InventWood’s Superwood: The Steel-Crushing, Game-Changing Material Hitting Production NOW
This Ain’t Your Grandpa’s Lumber – It’s a Building Material Revolution
Forget everything you know about wood. What if I told you there’s a material 10x stronger than steel by weight, fire-resistant, and gorgeous enough for high-end architecture? This isn’t sci-fi – it’s rolling off production lines THIS SUMMER.
“The cellulose nanocrystal is actually stronger than a carbon fiber. We’re not just making wood stronger – we’re redefining construction materials.”

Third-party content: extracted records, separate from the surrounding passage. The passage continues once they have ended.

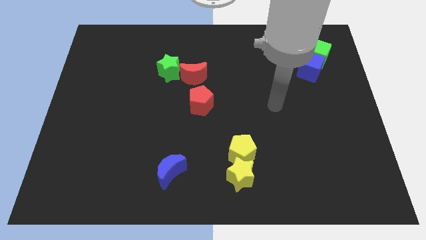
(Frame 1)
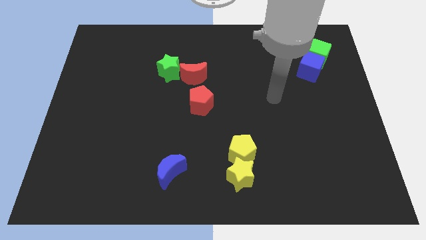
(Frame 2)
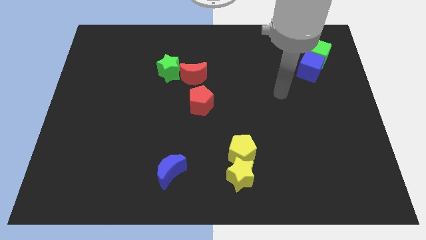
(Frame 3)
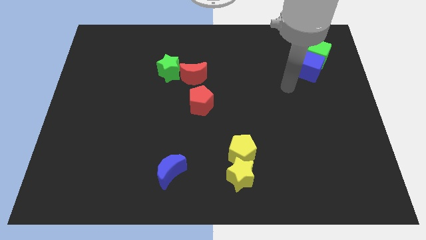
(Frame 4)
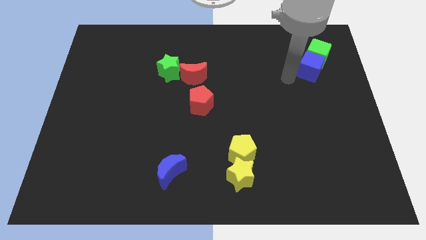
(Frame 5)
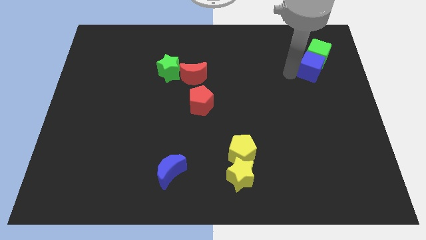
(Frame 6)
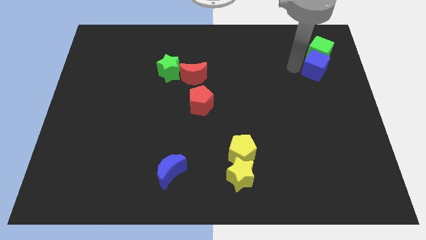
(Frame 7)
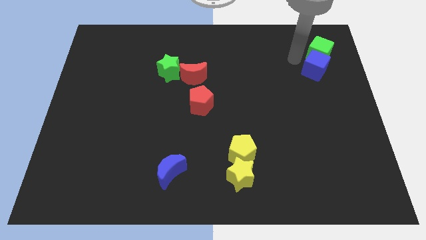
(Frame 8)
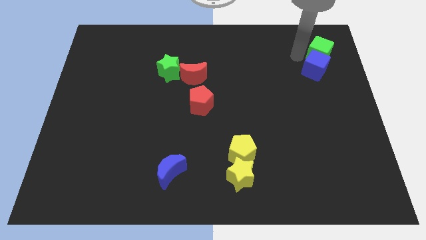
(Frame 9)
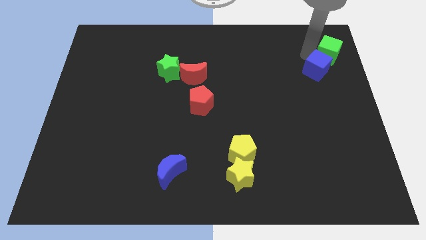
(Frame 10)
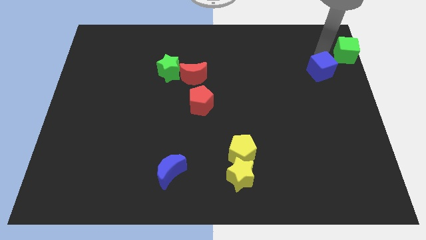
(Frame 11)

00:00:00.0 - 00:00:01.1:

Alex Lau, CEO of InventWood
From Lab Curiosity to Industry Disruptor
Back in 2018, University of Maryland’s Liangbing Hu cracked the code on transforming ordinary timber into a supermaterial. But here’s what most tech stories won’t tell you:
- From 7 days to hours: Initial production took over a week – now it’s faster than baking a pizza
- $15M war chest: Grantham Foundation-led funding to scale production
- First targets: Building facades (with structural beams coming next)

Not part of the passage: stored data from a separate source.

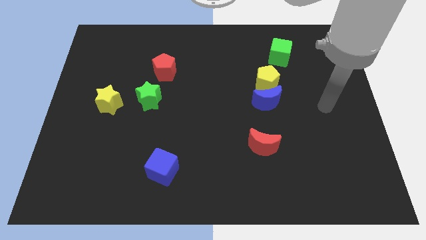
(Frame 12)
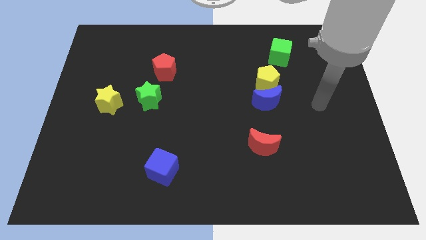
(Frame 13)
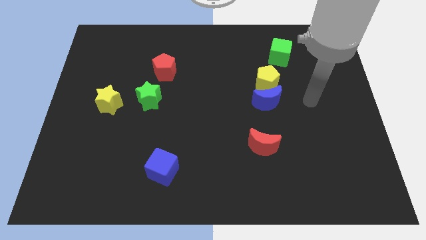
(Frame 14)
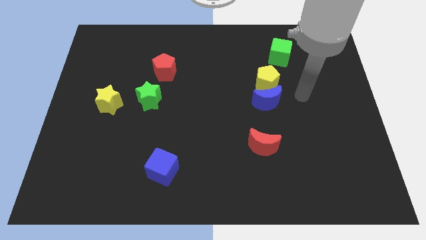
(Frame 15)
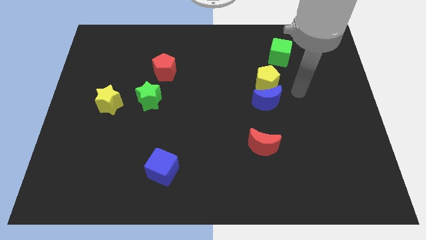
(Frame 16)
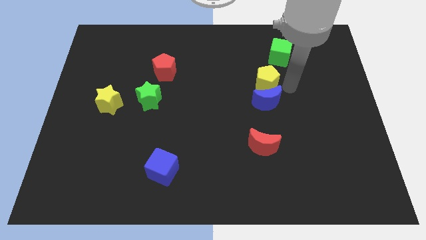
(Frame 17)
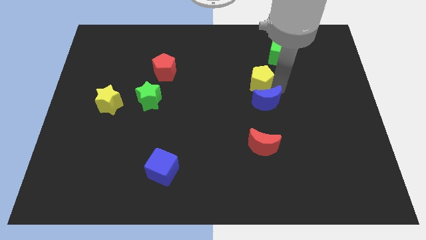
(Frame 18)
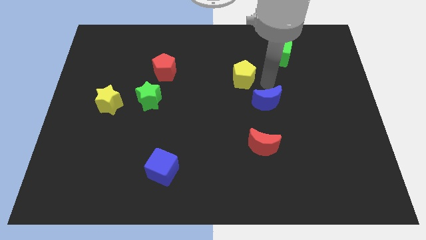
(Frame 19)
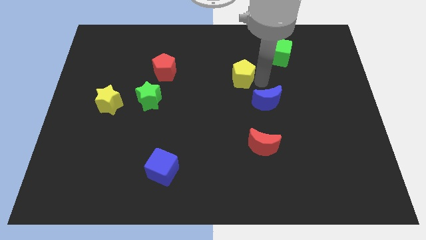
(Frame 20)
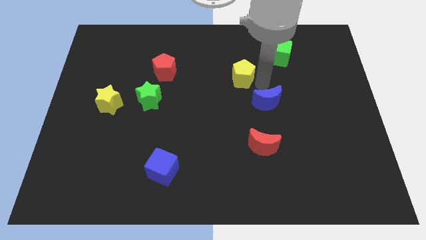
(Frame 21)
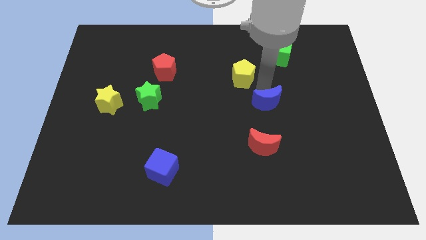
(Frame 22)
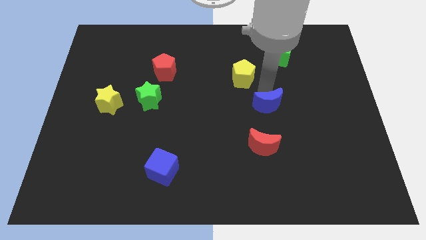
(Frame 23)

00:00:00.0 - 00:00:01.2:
move the blue moon away from the yellow pentagon

How They Turn Pine into a Titan
The magic happens in three knockout punches:
- Food-grade chemistry: Modifies lignin (nature’s glue) using safe chemicals
- Hydrogen bond boost: Compression creates molecular handshakes that won’t let go
- 4x density = 10x strength: Physics-defying performance gains
Why Contractors Will Be Fighting for This
Check these specs that make steel look weak:
Superwood’s Killer Features:
- 50% stronger tensile strength than steel
- Class A fire rating
- Rot/pest resistant
- Stabilized for outdoor use
- Rich tropical hardwood aesthetics
- 90% less carbon than concrete/steel
The Future is Growing on Trees
InventWood’s roadmap reads like a builder’s wishlist:
- Phase 1 (Now): High-end facades and decking
- Phase 2: Structural beams that don’t need finishing
- Endgame: Replace 90% of carbon-intensive building materials
“Imagine I-beams beautiful enough for showrooms. That’s not future tech – our first production batches prove it’s possible today.”
Alex Lau demonstrating Superwood samples
Bottom line: The construction industry is about to get wood in ways it never imagined. Buildings will be stronger, greener, and more beautiful – and it all starts this summer.